[Listed entries Boundary: Start]

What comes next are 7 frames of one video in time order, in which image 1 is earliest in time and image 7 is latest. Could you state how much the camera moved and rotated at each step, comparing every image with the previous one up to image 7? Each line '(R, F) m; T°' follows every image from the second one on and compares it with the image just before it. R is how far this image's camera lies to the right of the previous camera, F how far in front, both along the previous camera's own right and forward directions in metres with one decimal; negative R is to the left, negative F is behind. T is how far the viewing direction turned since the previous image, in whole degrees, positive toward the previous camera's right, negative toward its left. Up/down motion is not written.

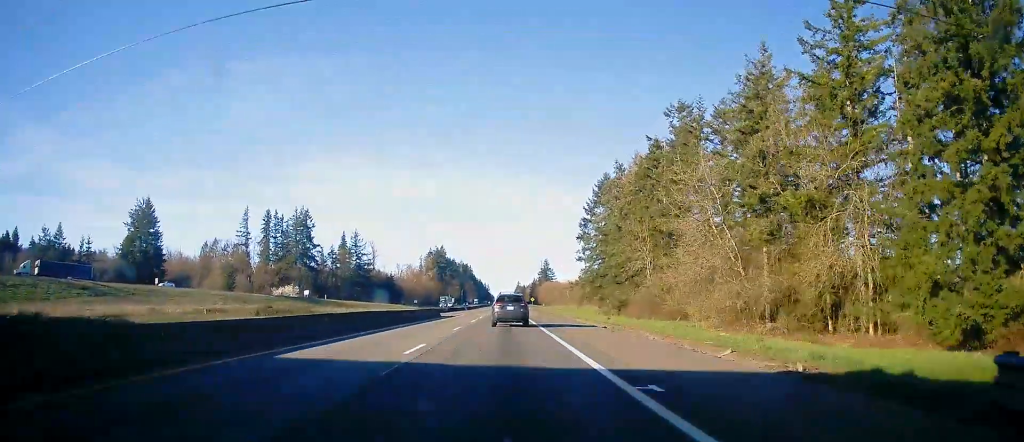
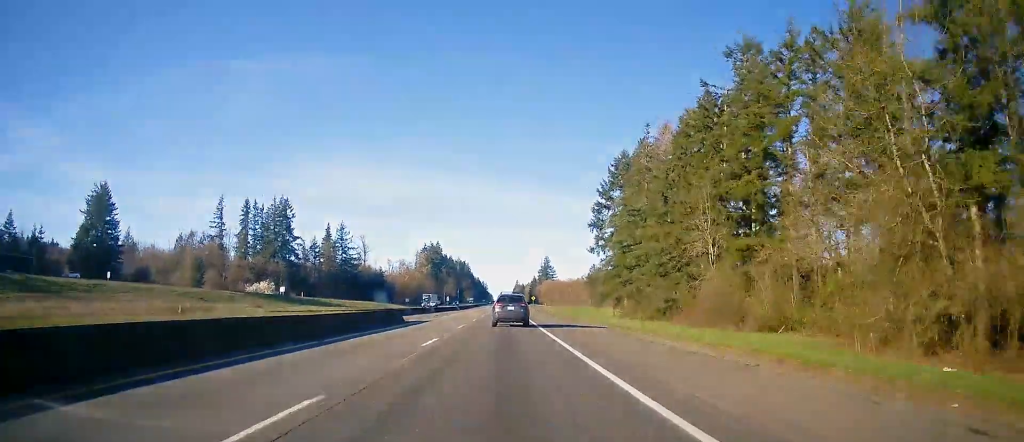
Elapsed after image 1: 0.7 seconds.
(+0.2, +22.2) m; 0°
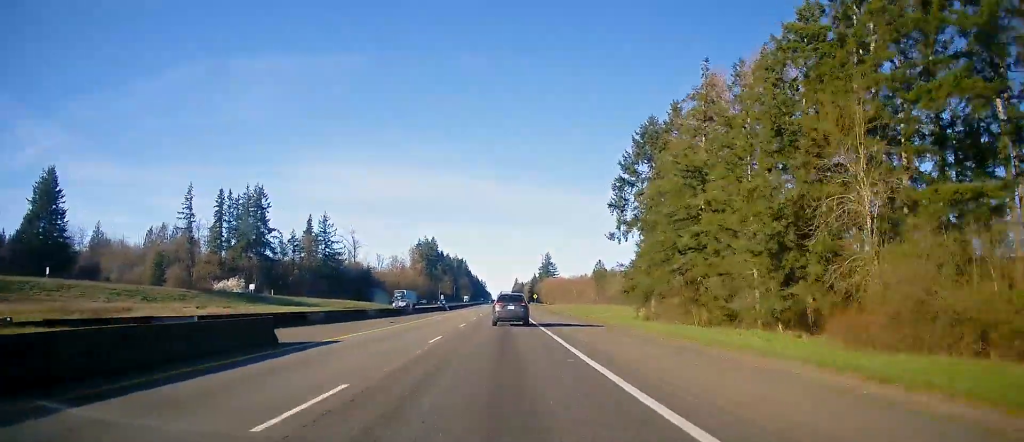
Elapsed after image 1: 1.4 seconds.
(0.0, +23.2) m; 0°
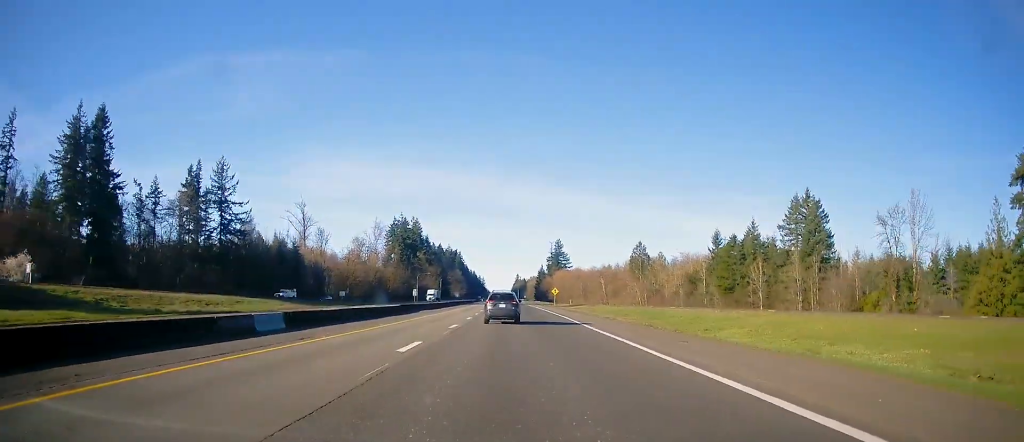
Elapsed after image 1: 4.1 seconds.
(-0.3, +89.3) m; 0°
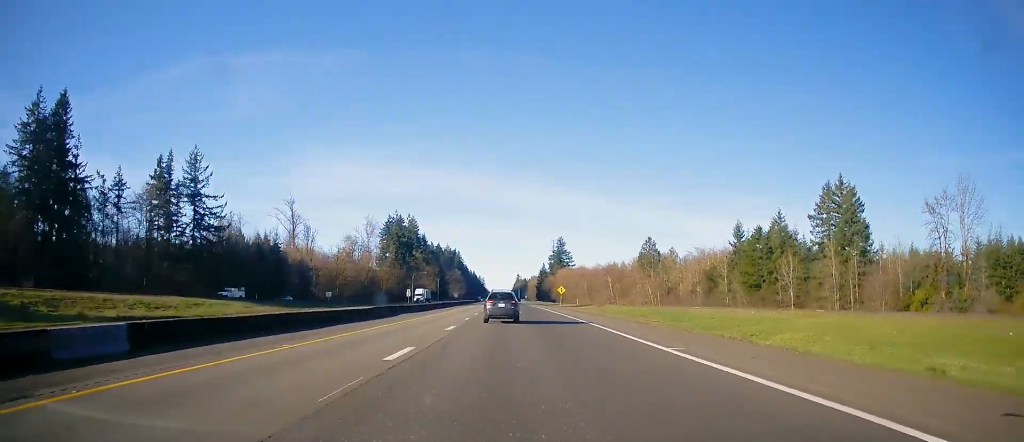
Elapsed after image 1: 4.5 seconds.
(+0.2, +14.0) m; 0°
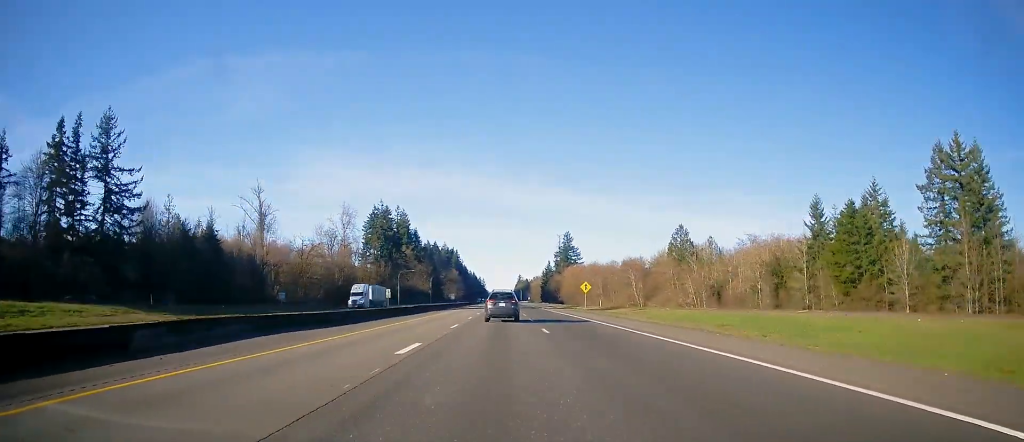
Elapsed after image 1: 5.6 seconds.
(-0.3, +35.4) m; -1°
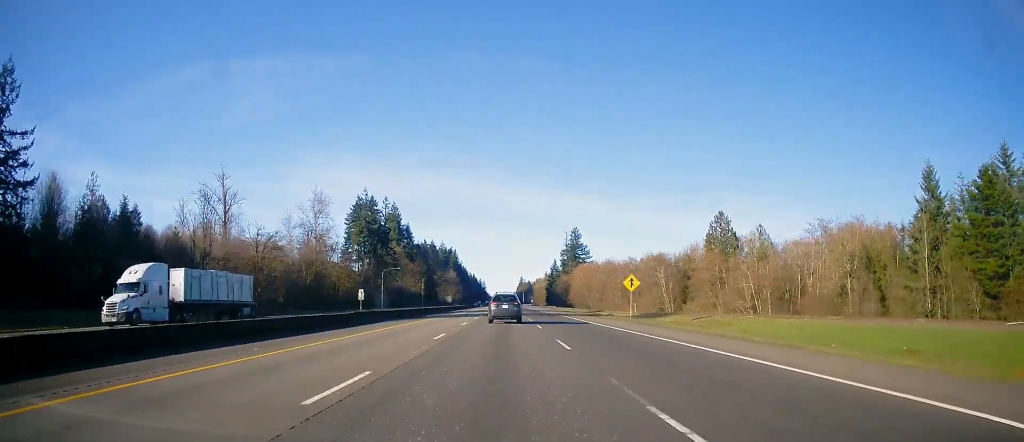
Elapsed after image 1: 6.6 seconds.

[Listed entries Boundary: End]

Exercise goal
When repeating the listing, keep each line exact and exclude the pictures.

Answer to this task
What comes next are 7 frames of one video in time order, in which image 1 is earliest in time and image 7 is latest. Could you state how much the camera moved and rotated at each step, comparing every image with the previous one up to image 7? Each line '(R, F) m; T°' follows every image from the second one on and compares it with the image just before it. R is how far this image's camera lies to the right of the previous camera, F how far in front, both along the previous camera's own right and forward directions in metres with one decimal; negative R is to the left, negative F is behind. T is how far the viewing direction turned since the previous image, in whole degrees, positive toward the previous camera's right, negative toward its left. Up/down motion is not written.

Elapsed after image 1: 0.7 seconds.
(+0.2, +22.2) m; 0°
Elapsed after image 1: 1.4 seconds.
(0.0, +23.2) m; 0°
Elapsed after image 1: 4.1 seconds.
(-0.3, +89.3) m; 0°
Elapsed after image 1: 4.5 seconds.
(+0.2, +14.0) m; 0°
Elapsed after image 1: 5.6 seconds.
(-0.3, +35.4) m; -1°
Elapsed after image 1: 6.6 seconds.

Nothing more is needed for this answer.